Records excerpted from a collection:
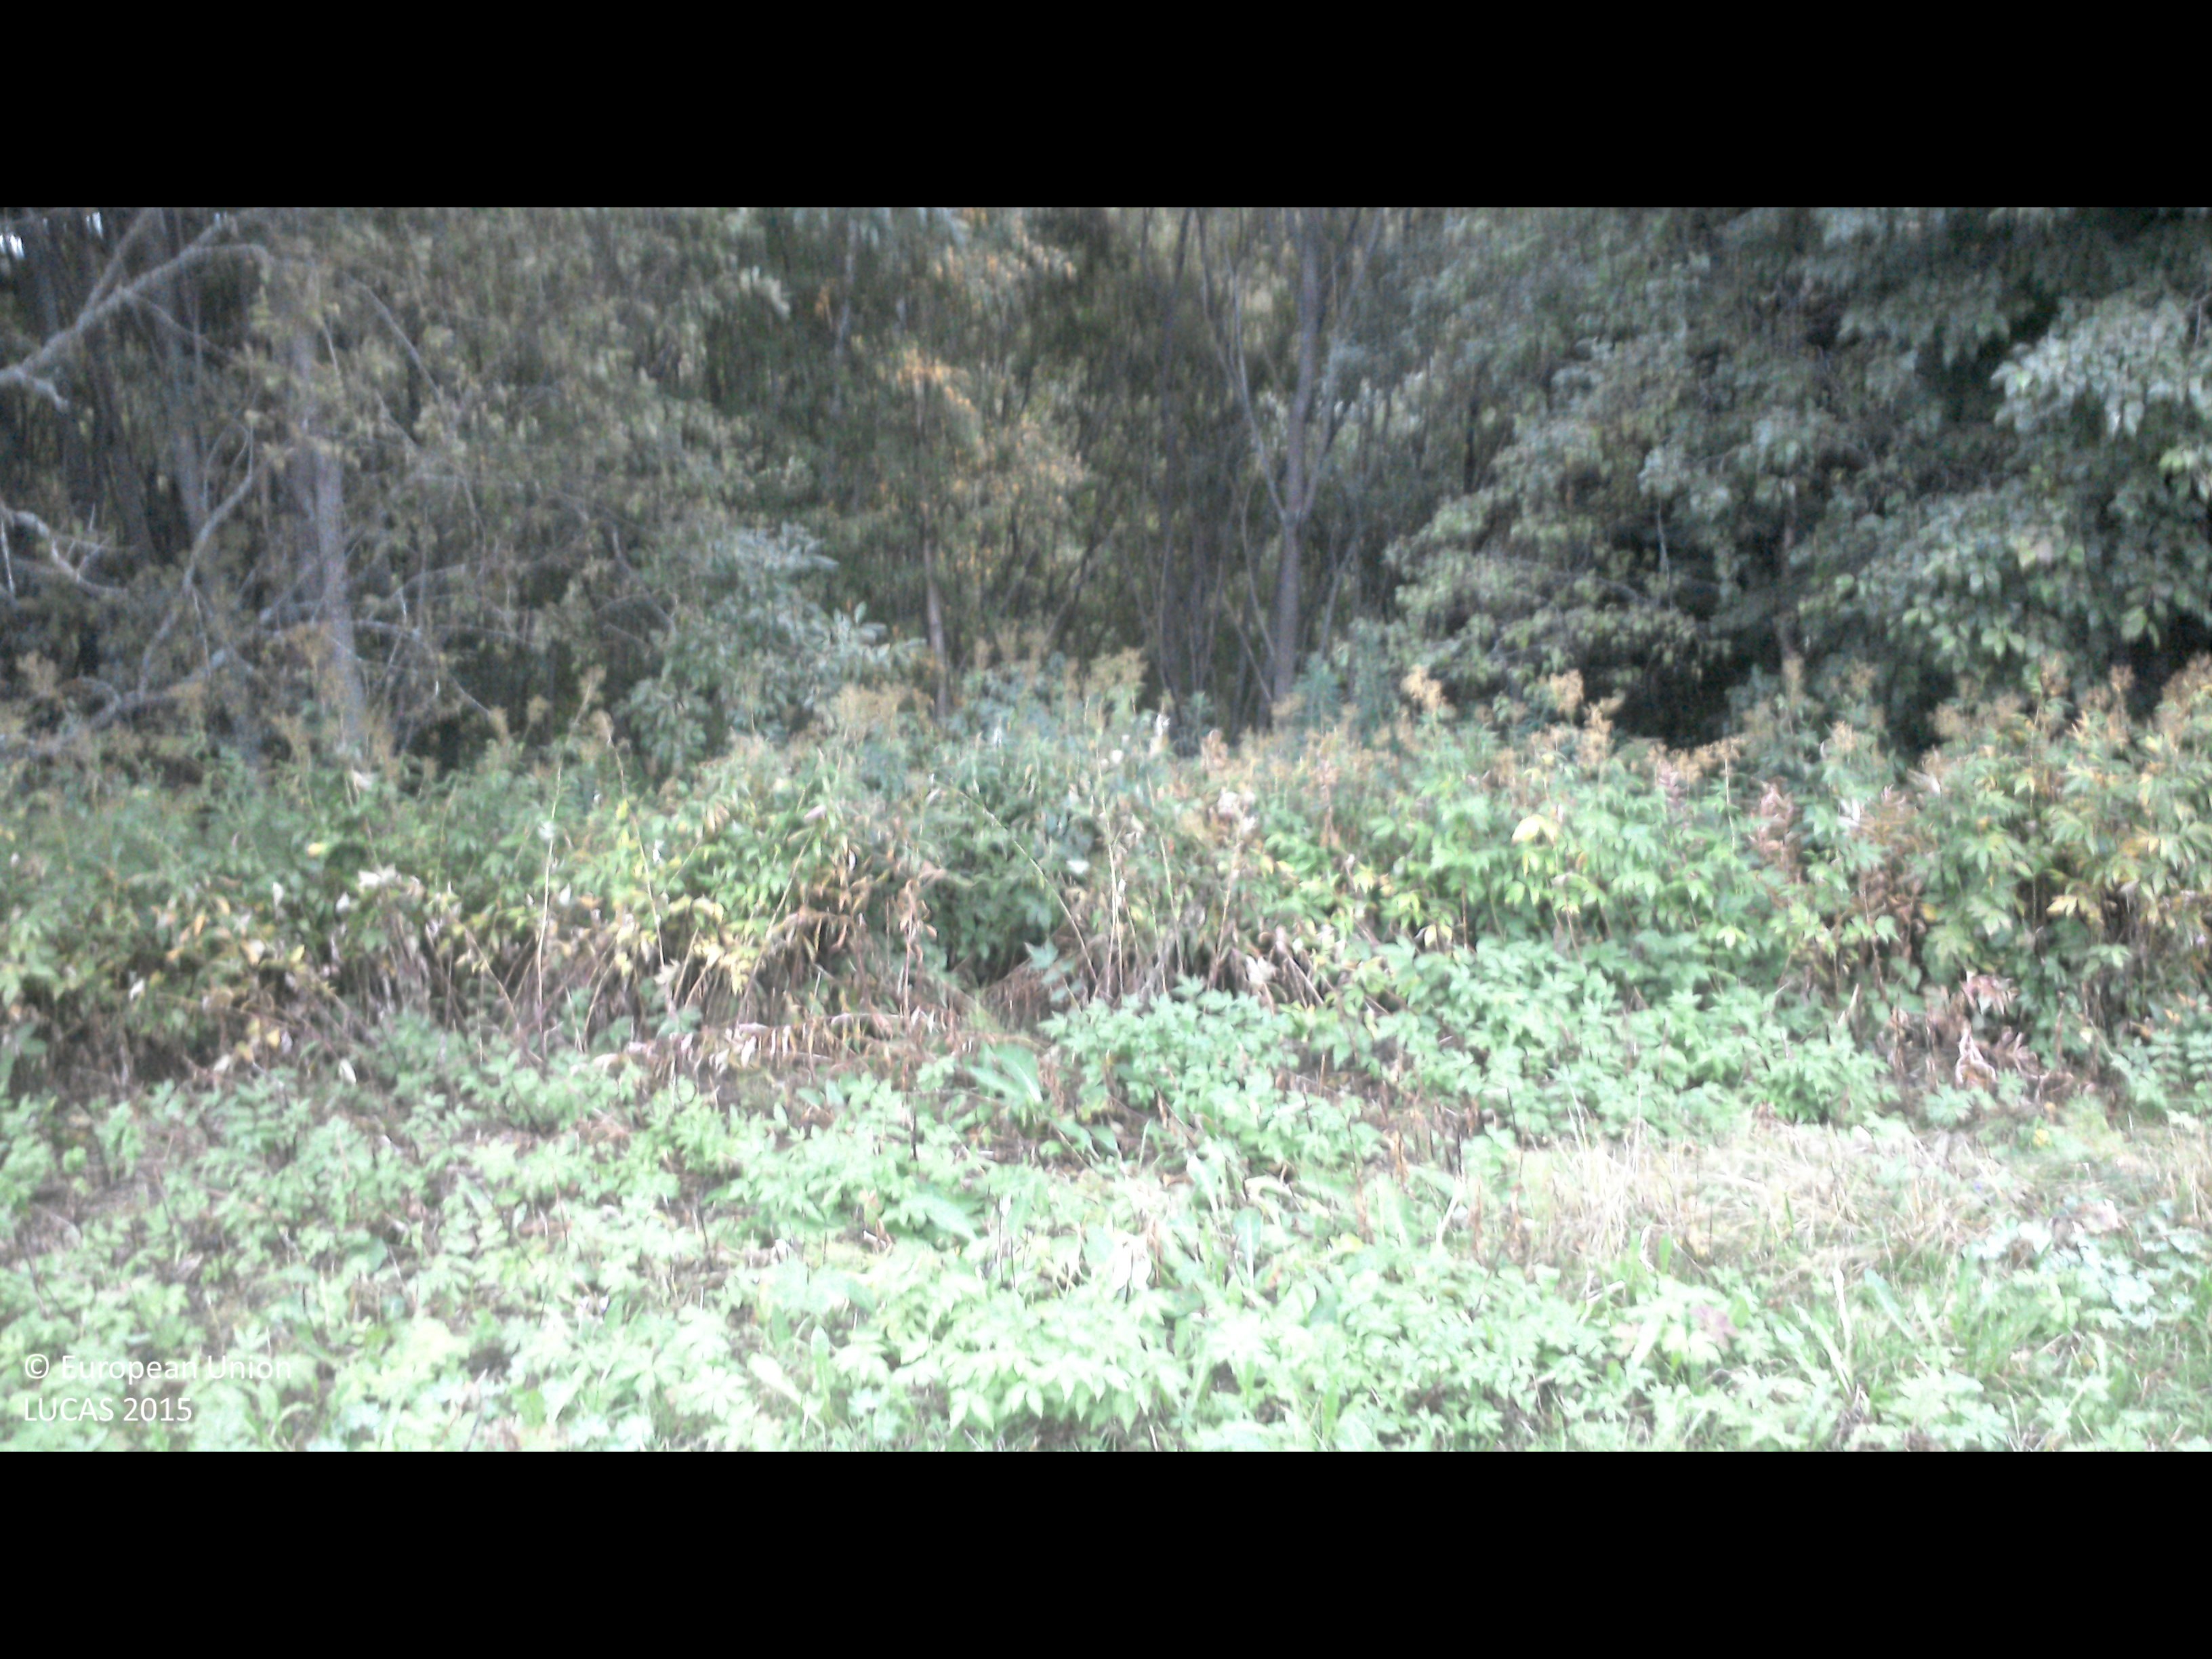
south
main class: Grassland
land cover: Grassland without tree/shrub cover
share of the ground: > 75 %
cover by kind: herbaceous plants 100 %
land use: Agriculture (excluding fallow land and kitchen gardens)
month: September
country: SE
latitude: 63.8574
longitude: 20.0905
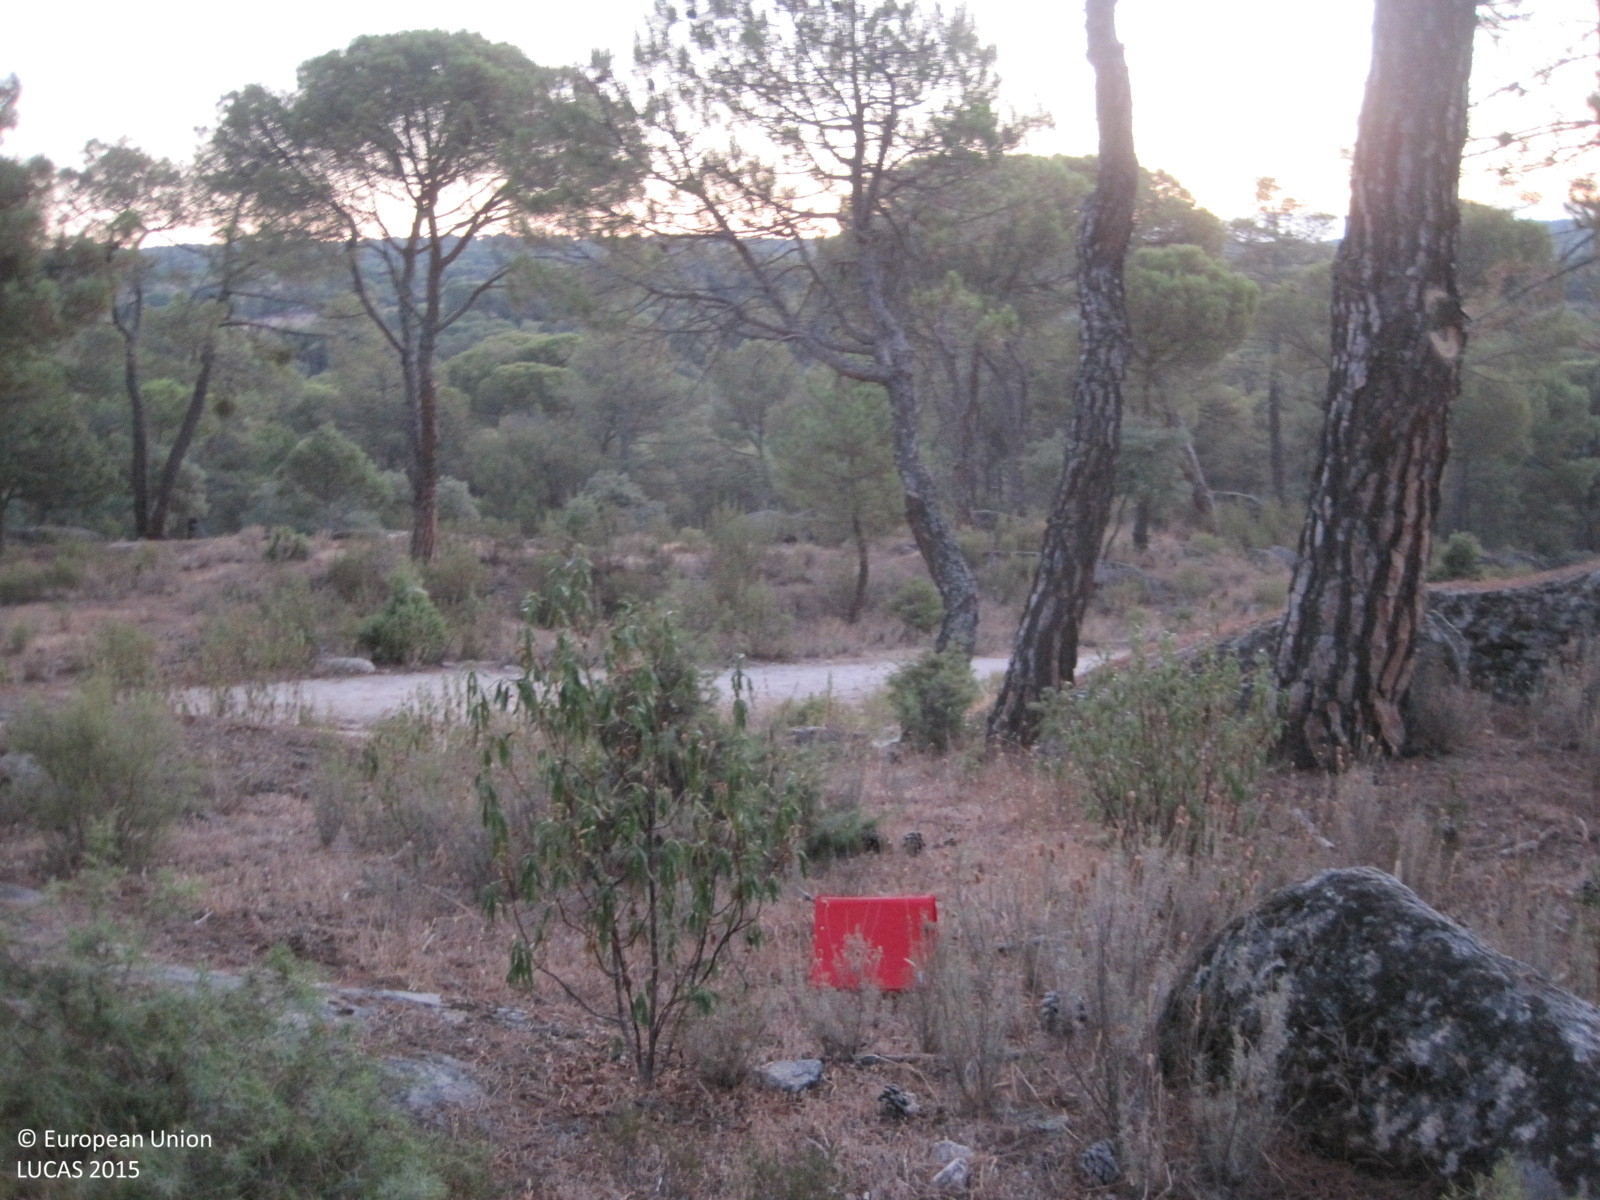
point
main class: Woodland
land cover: Pine dominated coniferous woodland
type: coniferous forest of the mediterranean region
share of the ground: > 75 %
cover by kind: coniferous forest trees 80 %, shrubs 20 %
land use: Forestry
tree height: > 5 m
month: July
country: ES
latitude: 40.3190
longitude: -4.3915

**WORK INSTRUCTION**
Keep the pictures out of the copy and write out the data exactly as it stands.

**YOUR SOLUTION**
south
main class: Grassland
land cover: Grassland without tree/shrub cover
share of the ground: > 75 %
cover by kind: herbaceous plants 100 %
land use: Agriculture (excluding fallow land and kitchen gardens)
month: September
country: SE
latitude: 63.8574
longitude: 20.0905
point
main class: Woodland
land cover: Pine dominated coniferous woodland
type: coniferous forest of the mediterranean region
share of the ground: > 75 %
cover by kind: coniferous forest trees 80 %, shrubs 20 %
land use: Forestry
tree height: > 5 m
month: July
country: ES
latitude: 40.3190
longitude: -4.3915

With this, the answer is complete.